From The New York Post:
White House spokeswoman Sarah Huckabee Sanders said Friday that’s due to language in a presidential directive Trump issued in January. The directive applies to new pipelines or those under repair. Sanders said it would be hard to do an about-face on Keystone because it’s already under construction and the steel has been acquired.
Trump said as recently as last week that Keystone and the Dakota Access pipeline must use American steel “or we’re not building one.”
This pipeline, which was a center of controversy for President Obama, the Keystone XL would run from Canada to the Gulf Coast, where refineries would process oil from Canada’s tar sands that produces more greenhouse gases than normal crude.
“If we’re going to use our powers of eminent domain and all the other powers, then I want the pipe to be manufactured with United States steel,” President Trump said during a meeting with small business leaders in late January. However, shortly after that declaration, Reuters reported that most of the steel for this project had already been purchased. Half of it was made in the U.S., in Arkansas, but by a company named Welspun which operates out of India.
While, rhetorically, this directive sounds good to some Americans, as a matter of policy it’s possibly an illegal directive.
From NBC News:
“First of all, this is private investment, so there’s no legal authority for the government to require a private company to use domestic materials,” [Dan Ikenson, director of the Cato Institute’s Herbert A. Stiefel Center for Trade Policy Studies] said on Thursday, prior to Trump’s comments at the retreat.

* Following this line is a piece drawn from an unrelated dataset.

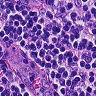
Metastatic tissue present: no
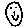
Label: smiley face

“Is it good policy to have the president dictate where U.S. companies buy their inputs? No. I think that’s terrible. I think that’s dictatorial. I think it’s very bad precedence.”
This policy also violates a longstanding norm of international trade deals, known as “national interest” that requires a country to treat all foreign businesses the same as domestic ones. However these sorts of norms are exactly what the “economic nationalist” wing of the party wants, although to enforce such a proposal they’d have to increase at least part of the “administrative state.”